En 1920 cruza la Cordillera de los Andes en un avión que le donó Francia para que cumpla la hazaña de cubrir el primer vuelo nocturno transcordillerano, con la idea de formar una empresa aérea que recién logra conformar años después, la Aeropostal Argentina, antecesora directa de Aerolíneas Argentinas, en la que volaron avezados pilotos tales como Antoine de Saint Exupery, autor de la icónica obra El Principito.

En 1932 el riojano voló como piloto de guerra para Paraguay, en la guerra que disputó con Bolivia, ayudando a organizar la fuerza aérea guaraní, recaudando fondos para la compra de aviones mediante la venta de artículos de su propiedad.
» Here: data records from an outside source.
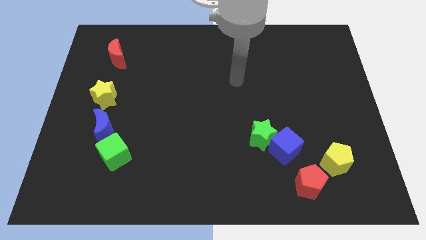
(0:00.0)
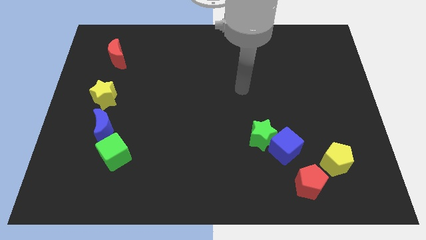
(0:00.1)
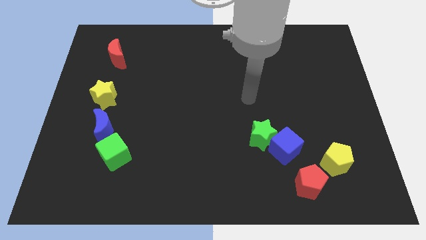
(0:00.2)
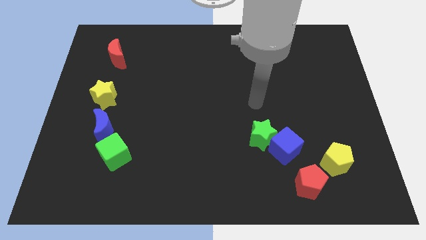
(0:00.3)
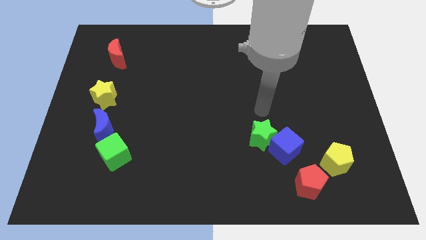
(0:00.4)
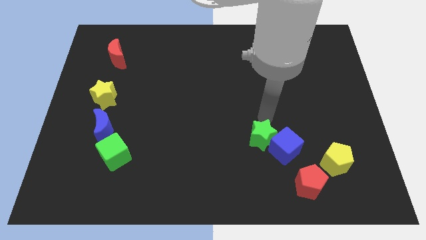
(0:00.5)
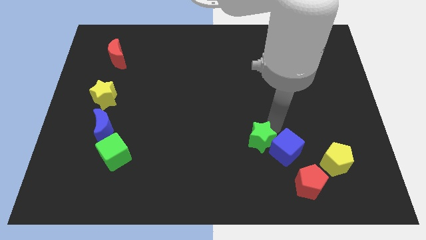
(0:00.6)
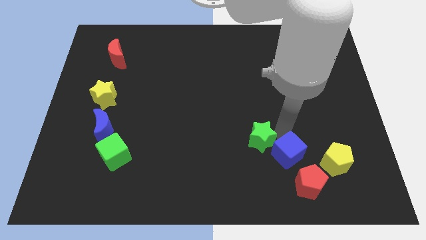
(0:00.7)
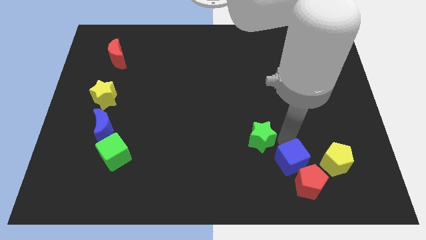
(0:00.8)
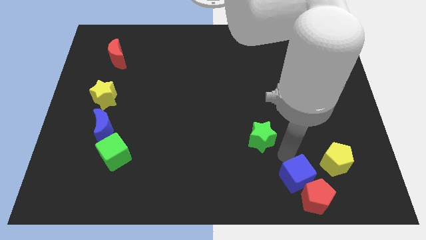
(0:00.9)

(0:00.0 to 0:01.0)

El conflicto se inició por territorios en disputa, que finalmente recuperó Paraguay.

No solo condecoraciones y medallas recogió Vicente Almandos Almonacid, el afecto de la gente a lo largo de su vida quedó también inmortalizado en tres tangos escritos en su memoria: "Vuelo Nocturno", de Domingo Salerno; "No seas… riojano, ché". escrito en 1908 por Ozélah de Smithe¸y una milonga para piano de Agesilao Ferrazzano titulado "Almonacid".

Las letras no le fueron indiferentes, y en 1934 publicó el libro de poemas Estrofas, editado por Jacobo Peuser. 

El nombre de Almonacid está escrito en el Arco de Triunfo de Paris, como héroe nacional de la Primera Guerra Mundial. 

En su patria, en 1994 y durante la Presidencia de Carlos Menem, el helipuerto presidencial ubicado en la avenida Huergo y De La Rábida de la Ciudad de Buenos Aires se le impuso el nombre de Vicente Almandos Almonacid. 

También lleva ese nombre, desde 1972, el aeropuerto de La Rioja, al igual que la plazoleta de Libertad y Santa Rosa y de una calle del barrio Independencia, en su Chilecito Natal.

Las formalidades del reconocimiento a Vicente Almandos Almonacid están hechas en La Rioja, pero si se debe cumplir en rigor la cita de epitafios referida a que siempre vivirá en el recuerdo de su gente, poco queda de su existencia en el común de los comprovincianos.

La Rioja no lo recuerda y relativamente pocos lo conocen, integrando la nómina cada vez más grande de riojanos trascendentes que languidecen en la memoria colectiva, que paulatinamente sepultas historias notables.